If you also intend to sell your product in China, remember to register your trademark in both Latin and Chinese characters.

New Laws

If you do find that your trademark has been hijacked, China has introduced new laws which come into effect on May 1, 2014 which give foreign trademark owners some recourse.  

  • An identical trade mark registered for identical goods and services will be considered trademark infringement if there is a contractual or business relationship between the parties (and irrespective of whether or not there is confusion).
  • The opposition procedure is simplified and shortened.

  • Trade mark use and registration is subject to a requirement of “good faith”.

  • Prior use of a trade mark can be used as a defense.

  • There are higher damages for trademark infringement.

  • Unfair competition laws will allow action against the use or registration of a registered trademark as a trade name.
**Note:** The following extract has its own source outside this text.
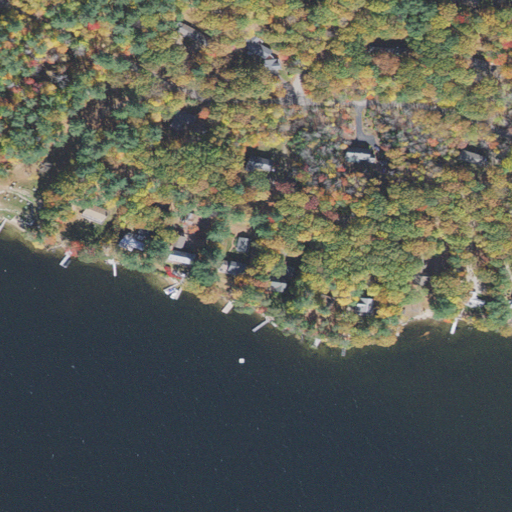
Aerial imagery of island in New Hampshire named Gun Island containing open water, mixed forest, open development, evergreen forest, low intensity development, woody wetlands, and deciduous forest

The above changes are positive developments for the protection of trademarks in China.  However, it is important to still remember that:

  • Trade mark rights in China are based on the first to file a trademark application.  If you plan to do business in China, it is important to first file a trademark application before entering any discussions with local entities.
  • If you license a third party to use your trademark in China, such as a distributor, it is important that the license is recorded with the China Trademark Office.  This ensures that any goodwill generated through the use of the trademark in China reverts back to you the owner and will allow you to rely on your licensee’s use of the trade mark in legal actions.


This article is intended to outline some of the trademark issues that you may need to address with your legal counsel when entering the China market.  It does not go into great depth with the subject matter, but offers useful insights into the basics.  It is not legal advice and it is not exhaustive of all laws and issues that may apply to your particular business. Qualified legal counsel should review the details of your business in China.